# Wire Nut Spinner



## mrmike (Dec 9, 2008)

I put this in the recessed lite post, where the guy had bad connections on his wire nuts. In case anybody has'nt benn back there I thought this would be interesting to everyone. I purchased one last year & I wouldn't be without it. It can be purchased at www.licensedelectrician.com


----------



## jcalvin (Feb 1, 2008)

Does







it work like my beloved "wobbler"? :notworthy


----------



## jcalvin (Feb 1, 2008)

We always used the tan ideal wirenuts. If I ever had several joints to make, I would put a 5/16 nutdriver on a battery drill and I could make quick work of panel changes. The nut driver fit pretty good over the wirenut and spun them like a champ.


----------



## precisionbuild (Nov 17, 2008)

I use one of these sometimes.


----------



## mickeyco (May 13, 2006)

Try one of these:


----------



## Celtic (May 23, 2007)

These have been doing fine for me:


----------



## 480sparky (Feb 1, 2009)

jcalvin said:


> We always used the tan ideal wirenuts. If I ever had several joints to make, I would put a 5/16 nutdriver on a battery drill and I could make quick work of panel changes. The nut driver fit pretty good over the wirenut and spun them like a champ.

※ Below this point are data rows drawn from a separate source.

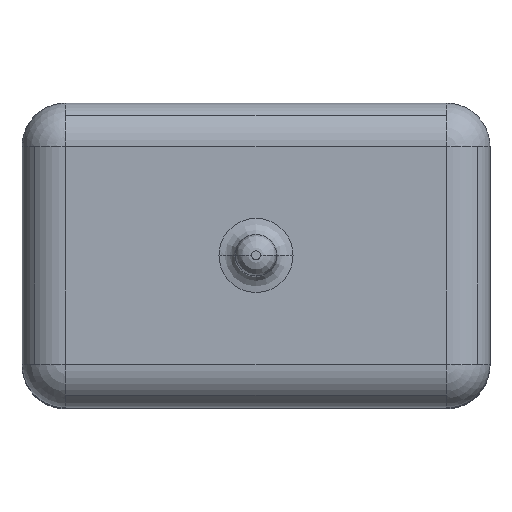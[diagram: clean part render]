
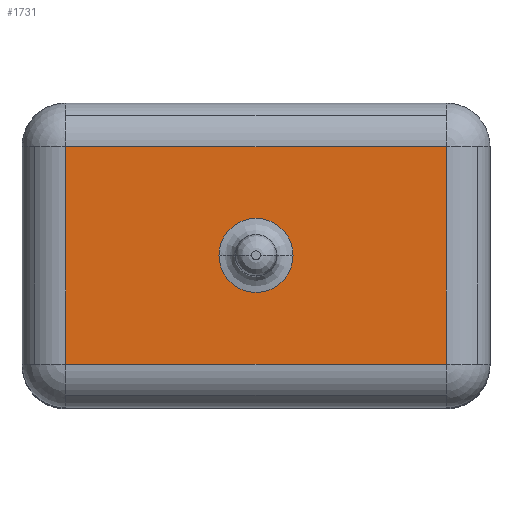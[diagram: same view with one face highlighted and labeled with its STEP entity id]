
A CAD part, top view. The second image highlights one B-rep face of the part: STEP entity #1731.
In plain terms, the highlighted planar face has unit normal (0, 0, 1).
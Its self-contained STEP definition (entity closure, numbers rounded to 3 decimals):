
#605=CARTESIAN_POINT('',(0.206,2.253,0.88));
#606=VERTEX_POINT('',#605);
#614=CARTESIAN_POINT('',(3.706,2.253,0.88));
#615=VERTEX_POINT('',#614);
#616=CARTESIAN_POINT('',(0.206,2.253,0.88));
#617=DIRECTION('',(1.0,0.0,0.0));
#618=VECTOR('',#617,3.5);
#619=LINE('',#616,#618);
#620=EDGE_CURVE('',#606,#615,#619,.T.);
#696=CARTESIAN_POINT('',(3.706,0.253,0.88));
#697=VERTEX_POINT('',#696);
#698=CARTESIAN_POINT('',(3.706,2.253,0.88));
#699=DIRECTION('',(0.0,-1.0,0.0));
#700=VECTOR('',#699,2.);
#701=LINE('',#698,#700);
#702=EDGE_CURVE('',#615,#697,#701,.T.);
#729=CARTESIAN_POINT('',(0.206,0.253,0.88));
#730=VERTEX_POINT('',#729);
#738=CARTESIAN_POINT('',(0.206,0.253,0.88));
#739=DIRECTION('',(0.0,1.0,0.0));
#740=VECTOR('',#739,2.);
#741=LINE('',#738,#740);
#742=EDGE_CURVE('',#730,#606,#741,.T.);
#776=CARTESIAN_POINT('',(3.706,0.253,0.88));
#777=DIRECTION('',(-1.0,0.0,0.0));
#778=VECTOR('',#777,3.5);
#779=LINE('',#776,#778);
#780=EDGE_CURVE('',#697,#730,#779,.T.);
#1399=CARTESIAN_POINT('',(2.297,1.253,0.88));
#1400=VERTEX_POINT('',#1399);
#1417=CARTESIAN_POINT('',(1.616,1.253,0.88));
#1418=VERTEX_POINT('',#1417);
#1426=CARTESIAN_POINT('',(1.956,1.253,0.88));
#1427=DIRECTION('',(0.0,0.0,1.0));
#1428=DIRECTION('',(-1.0,0.0,0.0));
#1429=AXIS2_PLACEMENT_3D('',#1426,#1427,#1428);
#1430=CIRCLE('',#1429,0.341);
#1431=EDGE_CURVE('',#1418,#1400,#1430,.T.);
#1704=CARTESIAN_POINT('',(1.956,1.253,0.88));
#1705=DIRECTION('',(0.0,0.0,1.0));
#1706=DIRECTION('',(-1.0,0.0,0.0));
#1707=AXIS2_PLACEMENT_3D('',#1704,#1705,#1706);
#1708=CIRCLE('',#1707,0.341);
#1709=EDGE_CURVE('',#1400,#1418,#1708,.T.);
#1716=CARTESIAN_POINT('',(2.003,0.857,0.88));
#1717=DIRECTION('',(0.0,0.0,1.0));
#1718=DIRECTION('',(1.0,0.0,0.0));
#1719=AXIS2_PLACEMENT_3D('',#1716,#1717,#1718);
#1720=PLANE('',#1719);
#1721=ORIENTED_EDGE('',*,*,#780,.F.);
#1722=ORIENTED_EDGE('',*,*,#702,.F.);
#1723=ORIENTED_EDGE('',*,*,#620,.F.);
#1724=ORIENTED_EDGE('',*,*,#742,.F.);
#1725=EDGE_LOOP('',(#1721,#1722,#1723,#1724));
#1726=FACE_OUTER_BOUND('',#1725,.T.);
#1727=ORIENTED_EDGE('',*,*,#1709,.F.);
#1728=ORIENTED_EDGE('',*,*,#1431,.F.);
#1729=EDGE_LOOP('',(#1727,#1728));
#1730=FACE_BOUND('',#1729,.T.);
#1731=ADVANCED_FACE('',(#1726,#1730),#1720,.T.);
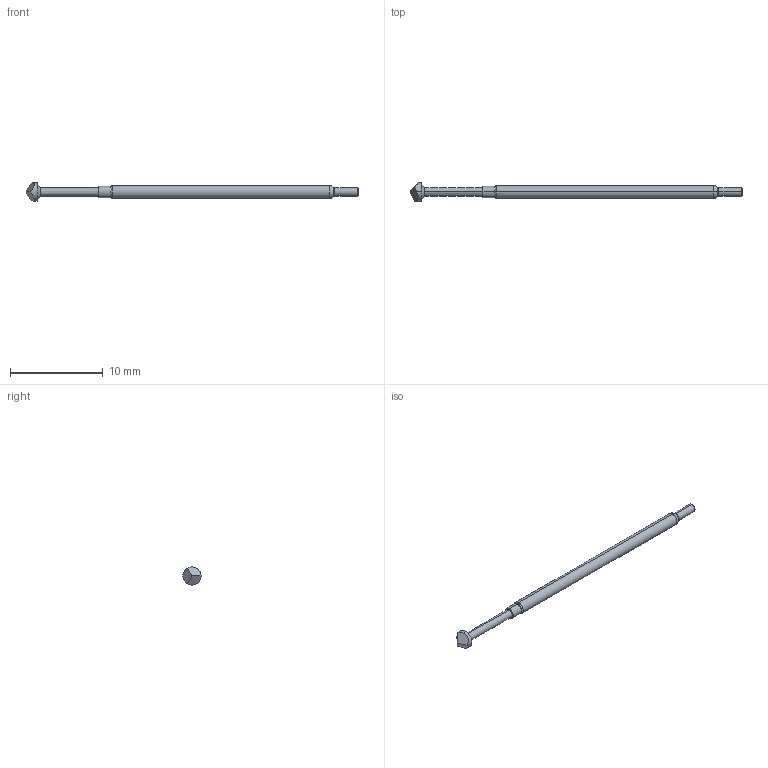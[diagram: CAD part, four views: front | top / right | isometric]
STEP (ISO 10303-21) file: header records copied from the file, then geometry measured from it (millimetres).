
FILE_DESCRIPTION (( 'STEP AP214' ), '1' );
FILE_NAME ('X75-PRP2523_.STEP', '2017-11-01T14:16:44', ( '' ), ( '' ), 'SwSTEP 2.0', 'SolidWorks 2017', '' );
FILE_SCHEMA (( 'AUTOMOTIVE_DESIGN' ));
Length unit declared in the file: inch
Products named in the file (1): X75-PRP2523_
Bounding box: 35.81 x 1.96 x 1.96 mm (x, y, z)
Volume: 45.4 mm3; surface area: 145.2 mm2
Topology: 1 solids, 1 shells, 32 faces, 65 edges, 36 vertices
Faces by surface type: cone 10, cylinder 8, torus 8, plane 3, bspline 3
Entity records: 1678 total; most frequent: CARTESIAN_POINT 714, DIRECTION 150, ORIENTED_EDGE 130, AXIS2_PLACEMENT_3D 66, EDGE_CURVE 65, CIRCLE 36, VERTEX_POINT 36, EDGE_LOOP 33
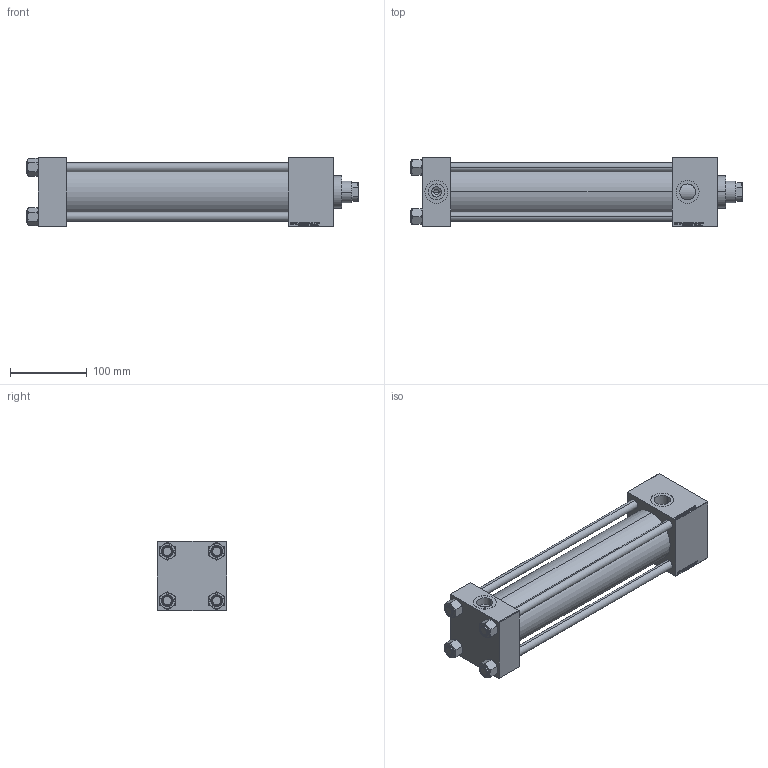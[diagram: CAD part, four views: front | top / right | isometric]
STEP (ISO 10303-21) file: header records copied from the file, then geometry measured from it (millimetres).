
FILE_DESCRIPTION (( 'STEP AP203' ), '1' );
FILE_NAME ('f285.STEP', '2022-04-15T09:30:22', ( '' ), ( '' ), 'SwSTEP 2.0', 'SolidWorks 2019', '' );
FILE_SCHEMA (( 'CONFIG_CONTROL_DESIGN' ));
Length unit declared in the file: millimetre
Products named in the file (6): f285; NUT_M5_C 2f7979f7715fb929f7eeb5af9ed47687; V215CR_C_Body 2f7979f7715fb929f7eeb5af9ed47687; V215CR_VCP_C 2f7979f7715fb929f7eeb5af9ed47687; V215CR_C_TYCINKA 2f7979f7715fb929f7eeb5af9ed47687; V215_VC_A 2f7979f7715fb929f7eeb5af9ed47687
Assembly tree (11 placements, depth 2):
  f285
    V215CR_C_Body 2f7979f7715fb929f7eeb5af9ed47687
    V215CR_VCP_C 2f7979f7715fb929f7eeb5af9ed47687
    NUT_M5_C 2f7979f7715fb929f7eeb5af9ed47687  x4
    V215CR_C_TYCINKA 2f7979f7715fb929f7eeb5af9ed47687  x4
    V215_VC_A 2f7979f7715fb929f7eeb5af9ed47687
Bounding box: 433 x 90 x 90 mm (x, y, z)
Volume: 1335577.2 mm3; surface area: 329500.8 mm2
Topology: 11 solids, 11 shells, 1154 faces, 2889 edges, 1875 vertices
Faces by surface type: plane 528, bspline 392, cone 136, cylinder 90, torus 8
Entity records: 50395 total; most frequent: CARTESIAN_POINT 27149, ORIENTED_EDGE 5270, DIRECTION 3333, EDGE_CURVE 2635, VERTEX_POINT 1731, VECTOR 1595, LINE 1595, EDGE_LOOP 1164
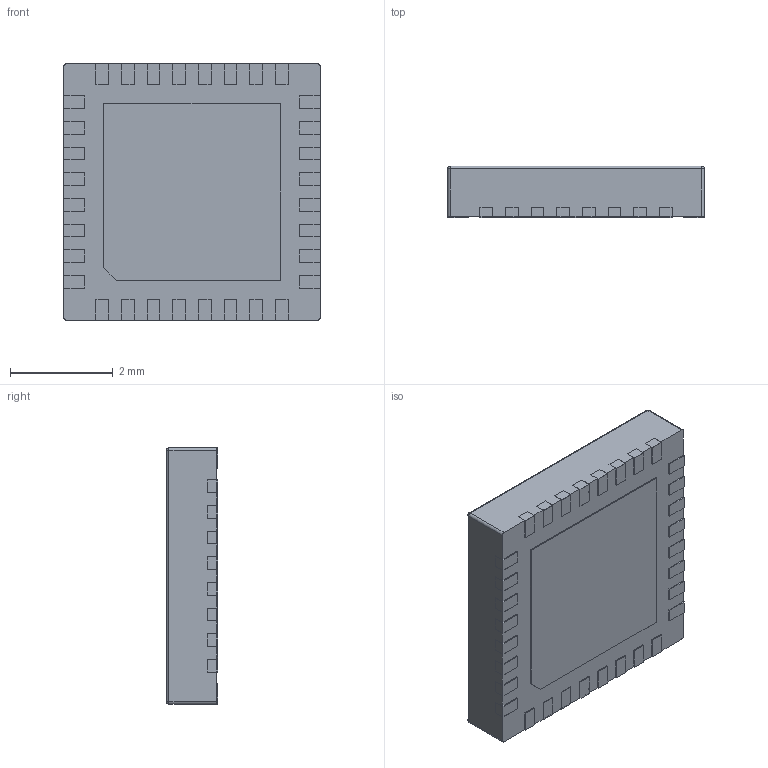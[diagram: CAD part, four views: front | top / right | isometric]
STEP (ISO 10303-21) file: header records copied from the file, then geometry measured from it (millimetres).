
FILE_DESCRIPTION(/* description */ (''),/* implementation_level */ '2;1');
FILE_NAME(/* name */ '',/* time_stamp */ '',/* author */ (''),/* organization */ (''),/* preprocessor_version */ '',/* originating_system */ '',/* authorisation */ '');
FILE_SCHEMA (('AUTOMOTIVE_DESIGN { 1 0 10303 214 3 1 1 }'));
Length unit declared in the file: millimetre
Products named in the file (4): VQFN-32-0.5; VQFN-32-0.5_Body; VQFN-32-0.5_ThermalPad; VQFN-32-0.5_Pin
Assembly tree (34 placements, depth 2):
  VQFN-32-0.5
    VQFN-32-0.5_Body
    VQFN-32-0.5_ThermalPad
    VQFN-32-0.5_Pin  x32
Bounding box: 5 x 1 x 5 mm (x, y, z)
Volume: 24.8 mm3; surface area: 103.7 mm2
Topology: 34 solids, 34 shells, 726 faces, 1872 edges, 1244 vertices
Faces by surface type: plane 571, bspline 142, cylinder 9, sphere 4
Full cylindrical faces by diameter (mm): 0.4 x1
Entity records: 16484 total; most frequent: CARTESIAN_POINT 4834, ORIENTED_EDGE 2626, DIRECTION 1857, EDGE_CURVE 1313, LINE 1011, VECTOR 1011, VERTEX_POINT 872, EDGE_LOOP 509

A nutdriver that's not magnetic works a whole lot better!


----------



## Magnettica (Dec 19, 2006)

I don't feel the need to have a tool that tightens wirenuts. I don't know, maybe it's because I'm 38 and still have the energy the way I've always done it. How could I be convinced that I need one?


----------



## mrmike (Dec 9, 2008)

Magnettica said:


> I don't feel the need to have a tool that tightens wirenuts. I don't know, maybe it's because I'm 38 and still have the energy the way I've always done it. How could I be convinced that I need one?


 For A lousy $12, buy one & try it-I think you will be convinced-you cannot tighten one as tight as this tool does. To me it is one of the best tools to come along in a long time. I try to keep an open mind and not be stubborn to new things! Some are junk, some are good, as this tool is! It was develpoed & patented by an actual electrician in the field & not by Klein (as the handle does look like Klein)


----------



## B&C (Jan 25, 2009)

One of the guys I used to work with had one of those and we did a job and the boss got solid MC Cable he ran a wire through the end of half his connections. I just spin them by hand and if I need a little help I grab a 5/16 nut driver.


----------



## luckyshadow (Jun 18, 2005)

No offense meant but just shows - create a tool and someone will buy it.
Me personally-I always looked for ways to have LESS tools to lug around.
When this topic pops up I always wonder just how much abuse does your splices come across? Why the need to drive that wire nut on so tight that you need to use pliers to remove them? Another issue is guys use these things and end up twisting the crap out of the actual conductors instead of just the ends under the nut. I always used pliers to make the splice and to install the wire nuts. Never had a problem myself.
But to each his own


----------



## Bubbles (Sep 27, 2007)

*lll*

Yeah, I'm on lucky's side. The less tools the better. I've been using linesman when I really need to tighten more or I'm tired. If you pre-twist you really don't need to tighten too much anyhow. I think to much and you'll break a conductor off up in there and not even know it. Remember, to pull when your done to see if something got broke. I'm not opposed to new stuff though. I just think that one is not needed.

later


----------



## 480sparky (Feb 1, 2009)

I twist my wires together with Kleins before I ever put a wire nut on. The splice is mechanically sound and electrically continuous without the nut. The nut is just insulation. My thumb and forefinger can put it on without any problem.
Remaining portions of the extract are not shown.